Now we can use featureCounts to count the reads in each peak for each sample
Task 3: Count reads in peaks
- Run featureCounts to quantify how many filtered reads (in
*qc_bl_filt.sorted.bam) overlap consensus peaks in each sample. - Use paired-end counting mode
- Count all filtered BAM files simultaneously
Featurecounts
-F SAF: specify that the annotation file is in SAF format
-p: specify that the input files are paired-end
-a: specify the annotation file
-o: specify the output file
These are only some of all parameteres one can apply. You can also adjust the parameters of featureCounts based on your specific requirements, such as setting a minimum mapping quality or handling multi-mapping reads.
Solution
path_bams="results/01_filtered_bams"
featureCounts -F SAF -T 2 -p -a results/04_consensus_peaks/consensus_peaks.saf -o results/05_counts_reads/feature_Counts.txt $path_bams/*qc_bl_filt.sorted.bam 2> results/05_counts_reads/featureCounts.log
The output file will contain the counts of reads in each peak for each sample, which can be used for downstream analysis such as differential accessibility analysis.
Task 4: Examine the results
Have a look to the output, which file contains the counts matrix?:
ls results/05_counts_reads/
Answer
FeatureCounts generates:
- feature_Counts.txt: Main count matrix.
- feature_Counts.txt.summary: Counting statistics.
- featureCounts.log: Processing log and any warnings.
File results/05_counts_reads/feature_Counts.txt contains the counts table with:
- Rows: Annotated peaks.
- Columns: peaks annotation information (from SAF file) + Samples (counts in each sample)
- Check how many peaks contains the counts matrix, is it the same number you had in your consensus peak set?
# Count number of peaks quantified
wc -l results/05_counts_reads/feature_Counts.txt
Answer
Yes, it is the same number of peaks, although not same number of rows because feature_Counts.txt has 2 lines header.
2. Quality Control Assessment
After filtering, peak calling and counting reads in peaks, we can run MultiQC to aggregate the QC metrics from different steps and generate a comprehensive report.
This will help us to assess further the overall quality of the ATAC-seq data and identify any potential issues that may need to be addressed before proceeding with downstream analysis.
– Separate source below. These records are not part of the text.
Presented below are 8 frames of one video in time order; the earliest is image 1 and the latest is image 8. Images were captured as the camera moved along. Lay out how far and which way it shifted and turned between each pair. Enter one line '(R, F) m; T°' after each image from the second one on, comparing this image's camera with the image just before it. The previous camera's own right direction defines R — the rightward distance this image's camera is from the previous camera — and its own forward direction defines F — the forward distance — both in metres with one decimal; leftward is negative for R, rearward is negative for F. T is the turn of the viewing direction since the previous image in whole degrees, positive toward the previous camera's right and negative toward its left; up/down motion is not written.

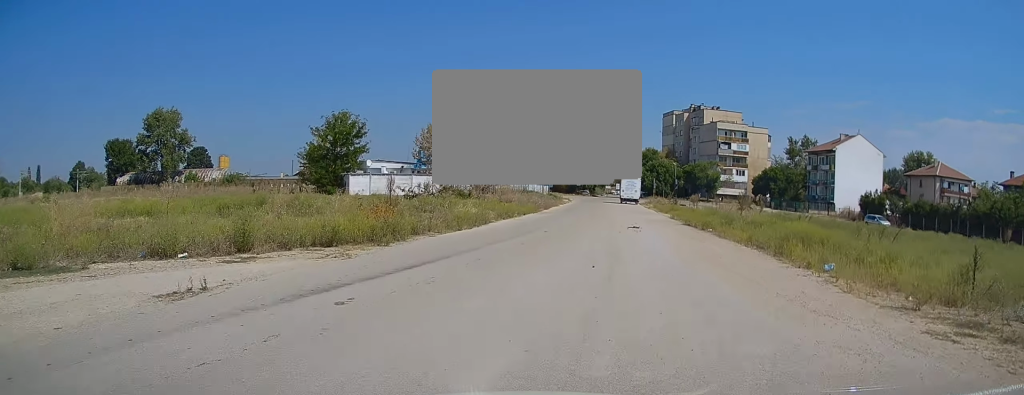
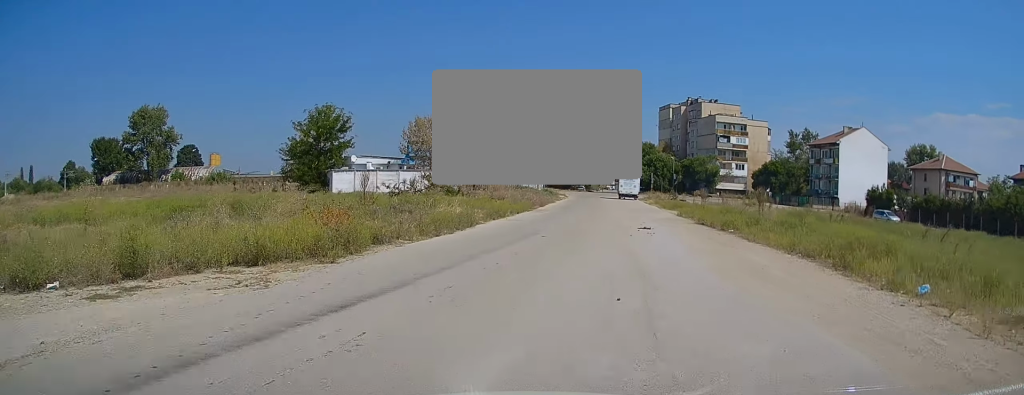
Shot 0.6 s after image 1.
(+0.1, +3.9) m; 0°
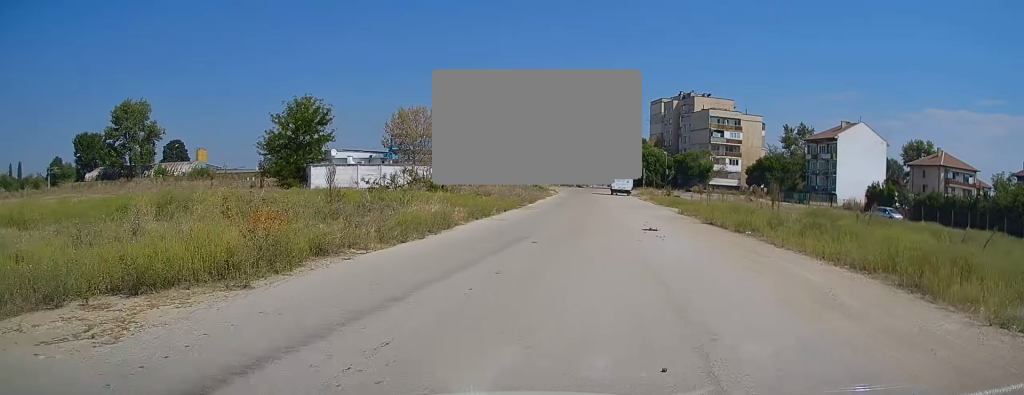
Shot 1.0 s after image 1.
(+0.1, +3.0) m; 0°
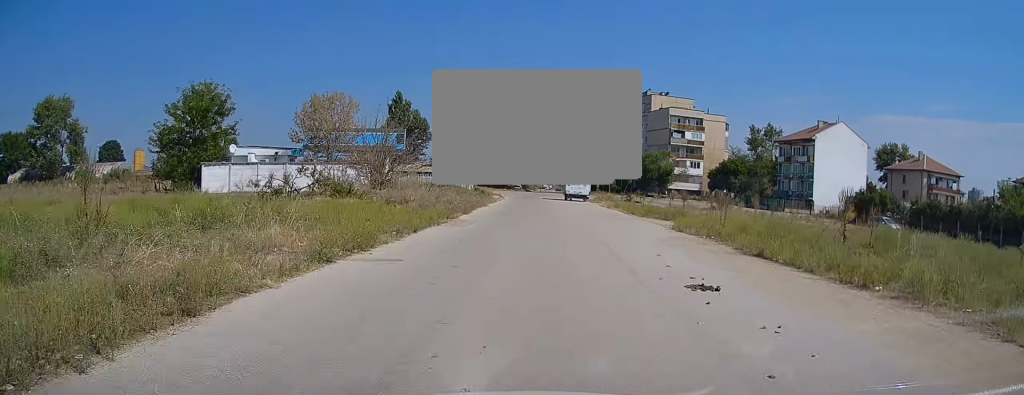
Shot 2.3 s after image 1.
(-0.1, +10.7) m; 0°
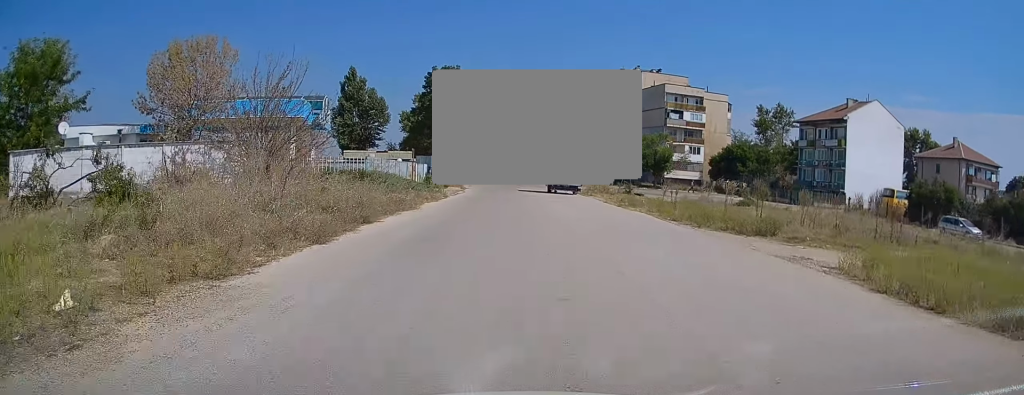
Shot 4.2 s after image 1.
(+0.4, +17.4) m; +3°
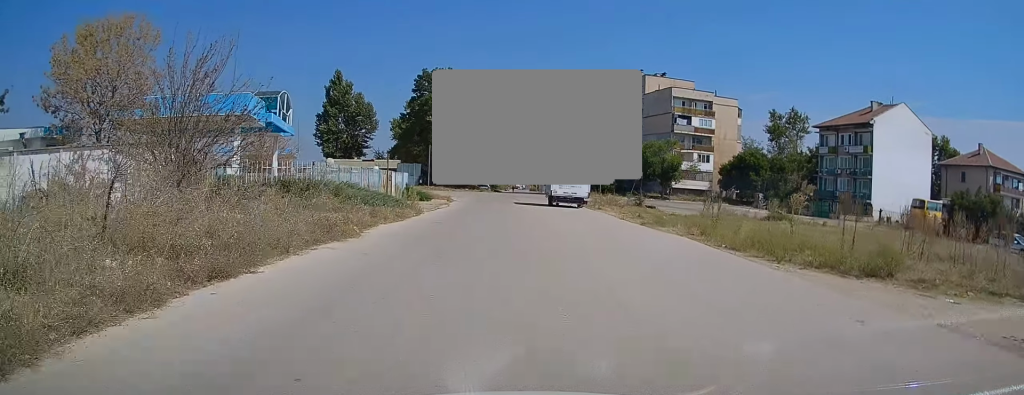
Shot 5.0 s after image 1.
(0.0, +7.5) m; +2°
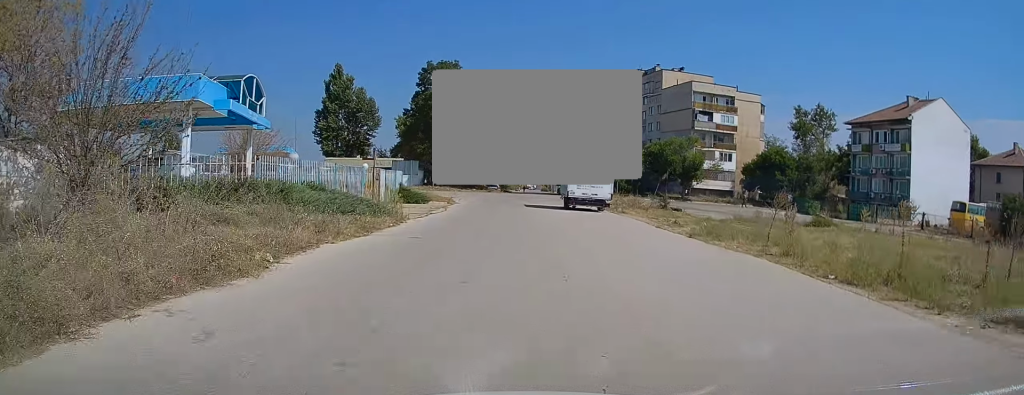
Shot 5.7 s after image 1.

Task 3: Generate MultiQC Report
- Run multiqc on the entire
resultsdirectory
Solution
multiqc --outdir results/multiQC_report --title "ATAC-seq_Pipeline_Summary" results/
-
--outdir: Output directory for the report.-
--title: Custom title for the report.-
results/: Search this directory for QC files.
Download and open the report and explore the QC metrics:
- How many peaks were successfully quantified?
- What percentage of reads were assigned to peaks in each sample?
- Are there differences in counting efficiency between samples?
- Do any samples show concerning quality metrics?